Sejak bayi, Kim Areum menghilang tanpa jejak, meninggalkan tiga kakaknya—Kim Jihoon, Kim Yoonjae, dan Kim Minjoon—dengan rasa kehilangan yang tak pernah padam. Orang tua mereka pergi dengan satu wasiat:
"Temukan adik kalian. Keluarga kita belum lengkap tanpanya."
Bertahun-tahun pencarian membawa mereka pada sebuah kebetulan yang mengejutkan: seorang gadis dengan mata yang begitu familiar. Namun Areum bukan lagi anak kecil yang hilang—ia tumbuh dalam dunia berbeda, dengan ingatan kosong tentang masa lalunya dan luka yang sulit dimengerti.
Sekarang, tiga kakak itu harus membuktikan bahwa ikatan darah dan cinta keluarga lebih kuat daripada waktu dan jarak.
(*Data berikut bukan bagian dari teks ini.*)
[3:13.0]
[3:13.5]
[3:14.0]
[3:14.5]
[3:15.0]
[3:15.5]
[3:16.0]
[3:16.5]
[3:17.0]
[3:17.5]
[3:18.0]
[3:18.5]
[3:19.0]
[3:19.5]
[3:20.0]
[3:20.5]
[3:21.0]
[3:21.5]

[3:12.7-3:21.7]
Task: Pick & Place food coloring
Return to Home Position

Bisakah mereka menyatukan kembali benang-benang yang hampir putus, atau Areum telah menjadi bagian dari dunia lain yang tak lagi memiliki ruang untuk mereka?
"Seutas benang menghubungkan mereka—meregang, namun tidak pernah benar-benar putus."
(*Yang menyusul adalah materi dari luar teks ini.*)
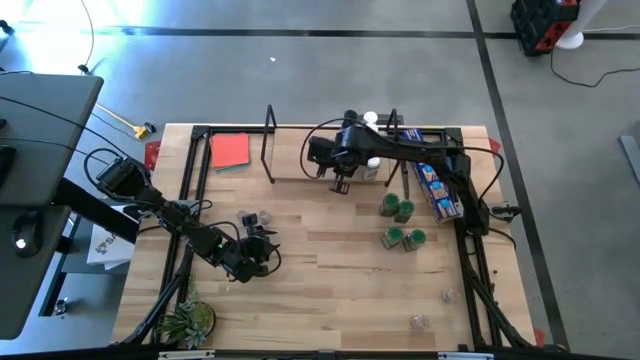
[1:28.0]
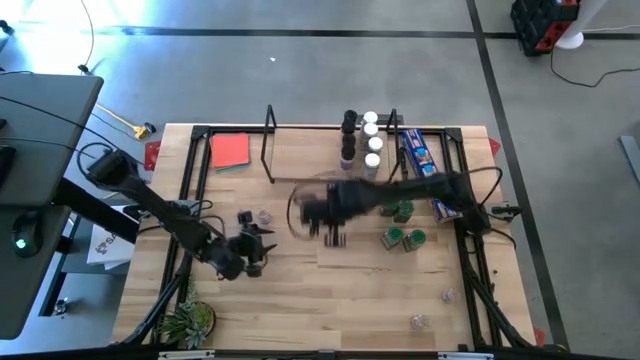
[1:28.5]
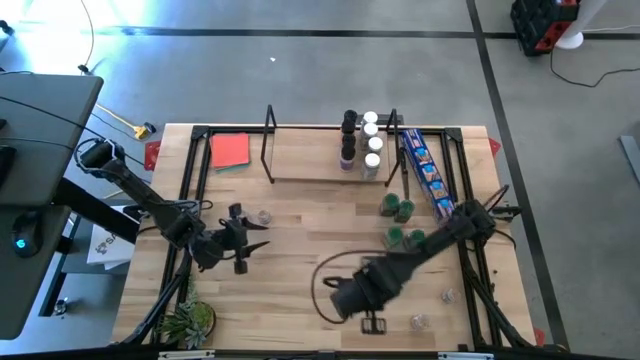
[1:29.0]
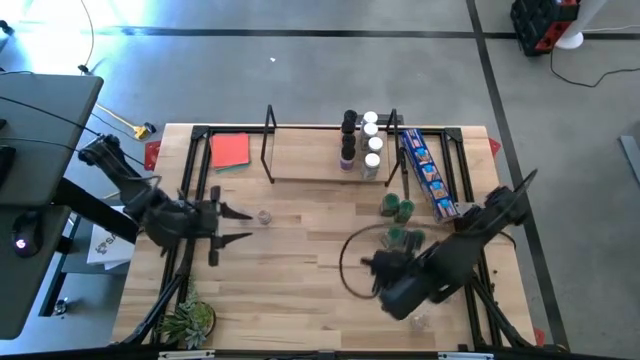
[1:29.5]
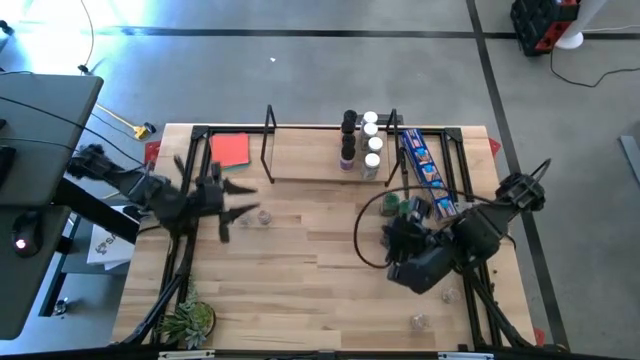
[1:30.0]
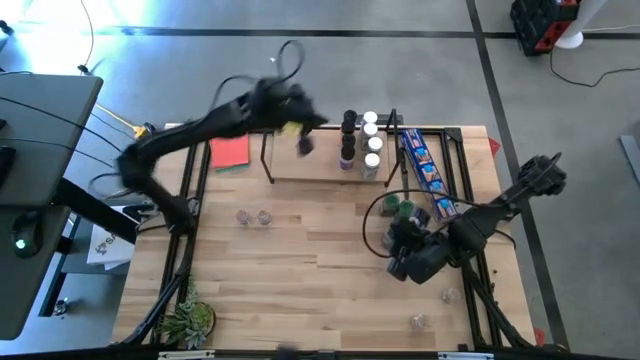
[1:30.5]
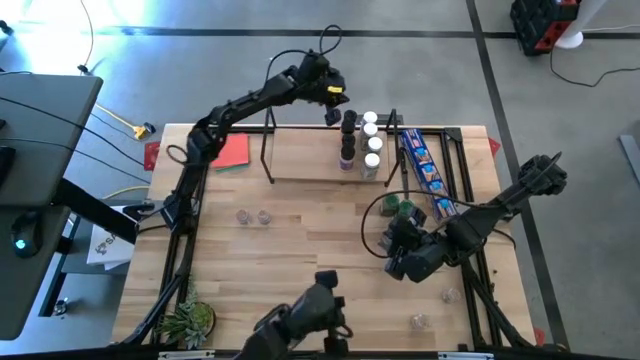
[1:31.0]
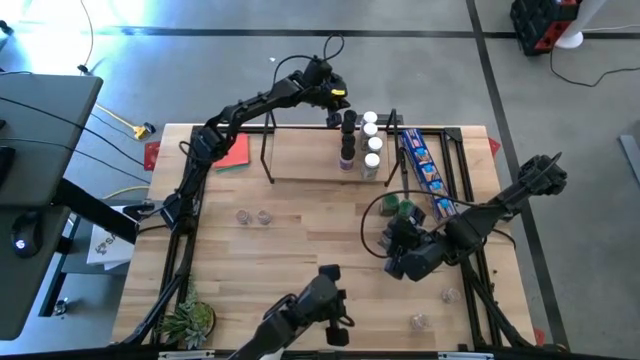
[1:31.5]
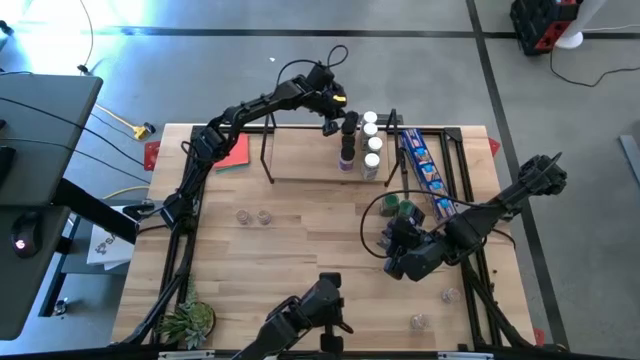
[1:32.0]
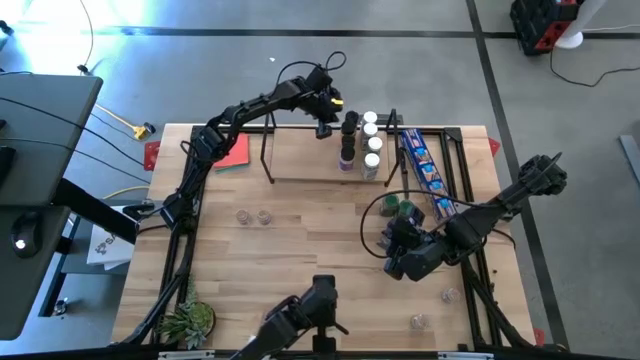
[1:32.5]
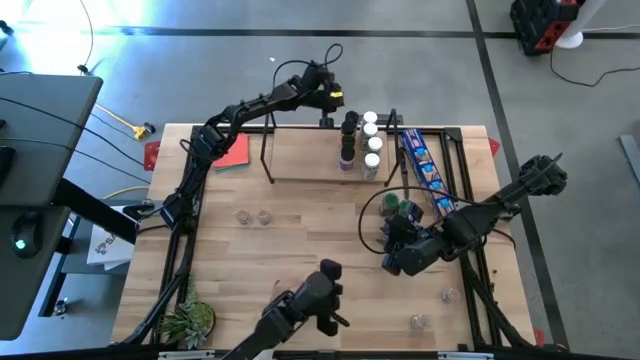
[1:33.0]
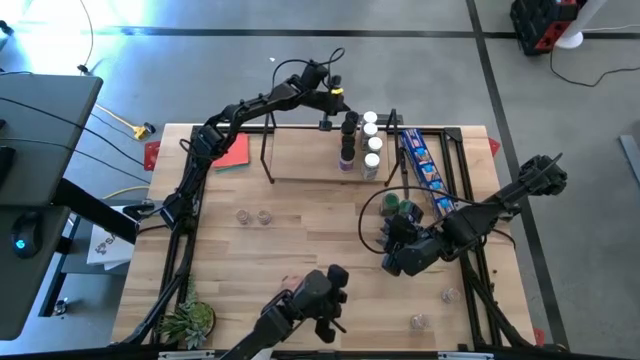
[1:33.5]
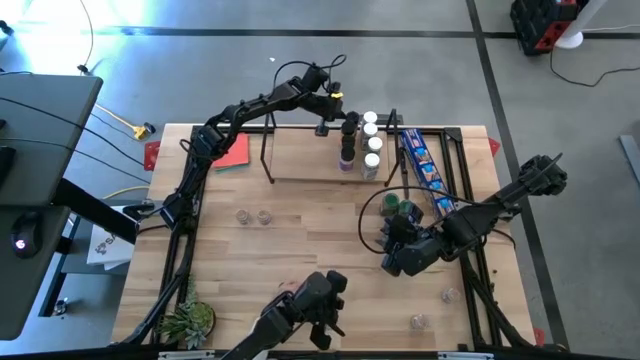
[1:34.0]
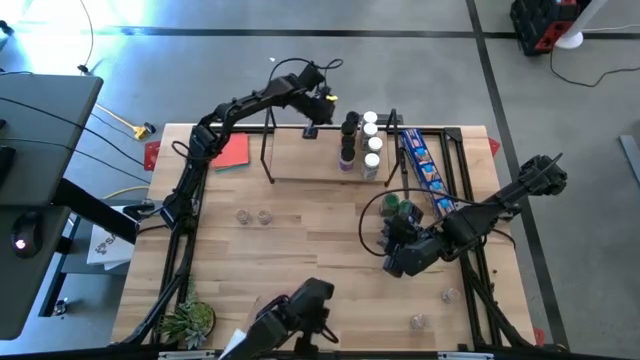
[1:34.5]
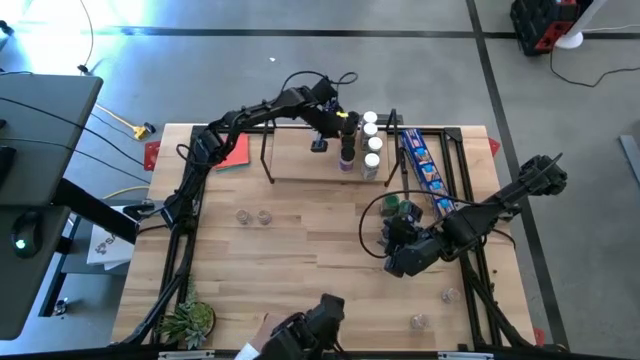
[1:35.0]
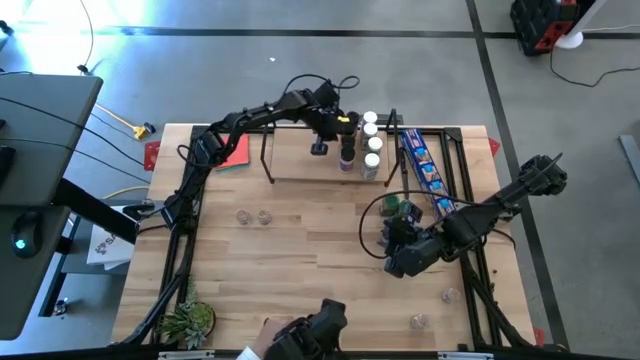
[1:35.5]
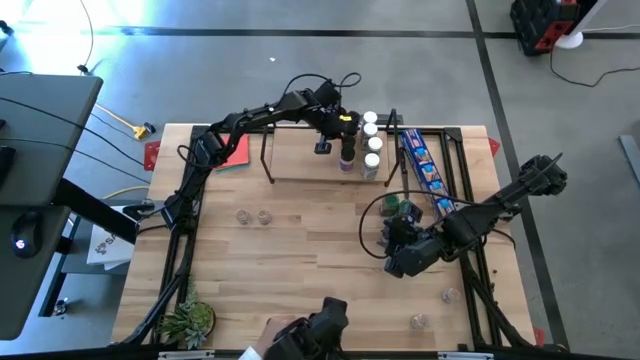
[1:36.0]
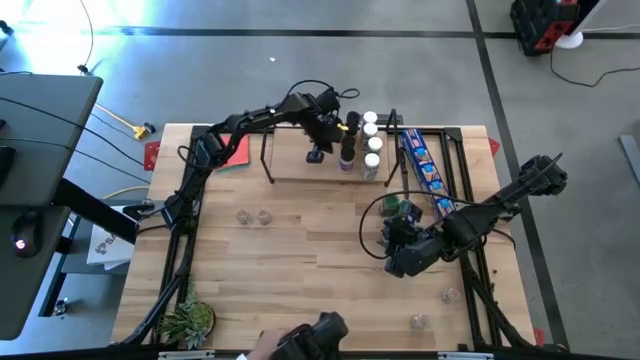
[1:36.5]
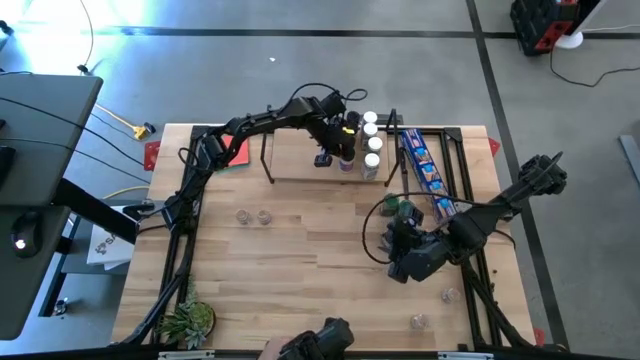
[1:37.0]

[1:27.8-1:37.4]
Task: Shelf spices
Adjust the black seasoning bottles

Karya ini diterbitkan atas izin NovelToon BYNK, isi konten hanyalah pandangan pribadi pembuatnya, tidak mewakili NovelToon sendiri
BAB 8: Seperti tidak asing
Hari-hari Areum berjalan seperti biasa. Hambatan-hambatan kecil datang silih berganti, layaknya alur kehidupan yang tak pernah bisa ia hindari. Namun, sejauh ini, ia selalu berhasil melewatinya.
Seminggu yang lalu, Areum baru saja menyelesaikan pendidikannya dan lulus dengan nilai terbaik. Begitu pula dengan Revan dan Hassa—mereka lulus di hari yang sama, meski dari jurusan yang berbeda. Para orang tua pun tampak bangga menyaksikan pencapaian anak-anak mereka.
Beberapa hari setelah wisuda, Areum mengikuti tes untuk menjadi karyawan di kafe tempatnya dulu bekerja paruh waktu. Siapa sangka, gadis yang awalnya hanya menjadi waitress kini dipercaya menempati posisi kasir. Meski tak pernah menyangka akan naik posisi secepat itu, Areum tetap merasa senang dan bersyukur bisa bekerja di tempat yang sesuai dengan passion-nya.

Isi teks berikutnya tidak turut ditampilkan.